Experiments were performed either under isoflurane (n = 6) or α-chloralose (n = 6) anesthesia. The upper limit of autoregulation was determined by intraperitoneal injection of phenylephrine at doses of 5 to 50 μg to stepwise elevate the MABP by approximately 10 mm Hg at a time, up to 150 mm Hg; increasing the MABP above this level frequently resulted in pulmonary edema and altered acid-base status, and was therefore not attempted. LSF images were obtained 2 to 4 minutes after a stable MABP level was achieved. CBF at a MABP of 80 mm Hg was taken as 100%, and subsequent changes were expressed relative to this value. The lower limit of autoregulation was determined by withdrawing blood from the arterial line to lower the mean arterial pressure by 10-mm Hg steps, allowing 3 to 5 minutes between the blood draws for stabilization. The upper and lower limits of autoregulation were determined by comparing CBF at each MABP level to baseline (i.e., CBF at 80 mm Hg), using one-way analysis of variance. The upper limit of autoregulation was taken as the MABP above which CBF was statistically significantly increased compared with CBF at a MABP of 80 mm Hg. Similarly, the lower limit of autoregulation was taken as the MABP below which CBF was statistically significantly decreased compared to CBF at a MABP of 80 mm Hg.

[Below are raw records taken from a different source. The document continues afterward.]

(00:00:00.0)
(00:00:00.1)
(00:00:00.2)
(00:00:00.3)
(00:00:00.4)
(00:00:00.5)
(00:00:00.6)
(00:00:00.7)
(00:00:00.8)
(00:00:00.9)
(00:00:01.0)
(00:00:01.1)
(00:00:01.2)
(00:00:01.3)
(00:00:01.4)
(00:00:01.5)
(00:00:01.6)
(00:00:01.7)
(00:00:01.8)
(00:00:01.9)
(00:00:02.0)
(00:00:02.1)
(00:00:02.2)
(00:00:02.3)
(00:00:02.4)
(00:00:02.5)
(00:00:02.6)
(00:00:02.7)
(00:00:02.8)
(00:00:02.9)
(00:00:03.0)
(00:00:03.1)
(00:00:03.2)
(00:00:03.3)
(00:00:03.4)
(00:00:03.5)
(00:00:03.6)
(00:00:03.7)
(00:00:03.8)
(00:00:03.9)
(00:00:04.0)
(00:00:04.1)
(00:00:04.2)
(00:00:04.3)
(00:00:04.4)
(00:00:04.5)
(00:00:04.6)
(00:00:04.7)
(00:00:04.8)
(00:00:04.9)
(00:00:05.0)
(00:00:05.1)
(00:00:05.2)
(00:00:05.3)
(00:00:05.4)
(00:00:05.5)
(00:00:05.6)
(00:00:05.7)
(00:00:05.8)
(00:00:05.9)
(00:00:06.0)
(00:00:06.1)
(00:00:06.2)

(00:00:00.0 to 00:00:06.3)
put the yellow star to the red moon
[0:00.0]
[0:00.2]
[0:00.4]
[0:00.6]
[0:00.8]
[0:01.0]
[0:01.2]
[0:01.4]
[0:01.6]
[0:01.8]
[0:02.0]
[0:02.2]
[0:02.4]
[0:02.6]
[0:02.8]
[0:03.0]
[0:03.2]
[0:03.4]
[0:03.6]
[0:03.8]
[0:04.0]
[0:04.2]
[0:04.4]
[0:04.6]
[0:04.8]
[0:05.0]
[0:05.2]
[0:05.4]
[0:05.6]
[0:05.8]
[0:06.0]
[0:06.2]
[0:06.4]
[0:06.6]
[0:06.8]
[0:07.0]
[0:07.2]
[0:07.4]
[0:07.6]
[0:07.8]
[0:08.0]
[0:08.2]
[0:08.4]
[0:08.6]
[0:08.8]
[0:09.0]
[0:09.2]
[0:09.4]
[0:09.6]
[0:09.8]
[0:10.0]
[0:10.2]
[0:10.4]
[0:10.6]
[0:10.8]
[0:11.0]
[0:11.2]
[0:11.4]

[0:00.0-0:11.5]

Resting CBF measurement using the [14C]iodoamphetamine technique

In these series of experiments, apoE-knockout mice (15 ± 3 weeks old, n = 4, and 60 ± 23 weeks old, n = 3) were used in addition to C57BL/6J (21 ± 10 weeks old, n = 4). In preliminary experiments, we observed that apoE-knockout mice had lower resting CBF values compared with wild-type mice (unpublished data); therefore, we aimed to determine how well LSF and [¹⁴C]iodoamphetamine techniques correlated under these conditions. For this, we first performed LSF and calculated the 1/τ_c, and then determined absolute resting CBF in the same animal using [¹⁴C]iodoamphetamine technique under α-chloralose anesthesia (Betz and Iannotti, 1983; Van Uitert and Levy, 1978), with minor modifications (Fujii et al., 1997; Yamada et al., 2000). The left femoral artery and jugular vein were cannulated. After determining MABP and blood gases, arterial blood was withdrawn continuously from the femoral artery at a rate of 0.3 mL/min. Then, 1 μCi of N-isopropyl-[methyl-1,3-¹⁴C]-p-iodoamphetamine in 0.1 mL saline was bolus injected into the external jugular vein over 10 seconds. Twenty seconds after injection, the animal was decapitated and the blood withdrawal terminated simultaneously. The brain was removed quickly, frozen in isopentane on dry ice, and the cortex was dissected. After adding Scintigest and incubating (50°C for 6 hours), scintillation fluid and H₂O₂ were added. Twelve hours after shaking, radioactivity in brain and blood were measured by liquid scintillation spectrometry. CBF was calculated according to previously described methods (Betz and Iannotti, 1983; Van Uitert and Levy, 1978).

Focal cerebral ischemia

Focal cerebral ischemia was induced by distal MCA occlusion. After general surgical preparation, mice were placed in a stereotaxic frame, and skull surface was prepared for LSF as described earlier. The temporalis muscle was separated from the temporal bone and removed. A burr hole (2 mm diameter) was drilled under saline cooling in the temporal bone overlying the MCA just above the zygomatic arch. The dura was kept intact and a 10–0 nylon suture was passed through the cortex behind the MCA just proximal to its bifurcation. The suture was then loosely tied and brain surface was covered with saline. In preliminary experiments we determined that passage of the suture behind the MCA uniformly induced one cortical spreading depression; therefore, after the placement of the suture we waited for 1 hour before ligating the MCA to allow the CBF changes induced by spreading depression to resolve. LSF imaging was started 1 minute before MCA ligation and continued throughout the experiment. A thresholding paradigm similar to that used for the spatial analysis of whisker response was applied by setting the threshold at 50% or less residual CBF compared to preischemic baseline. In addition, CBF profiles were generated along the mediolateral axis to determine the ischemic CBF gradient in the cortex.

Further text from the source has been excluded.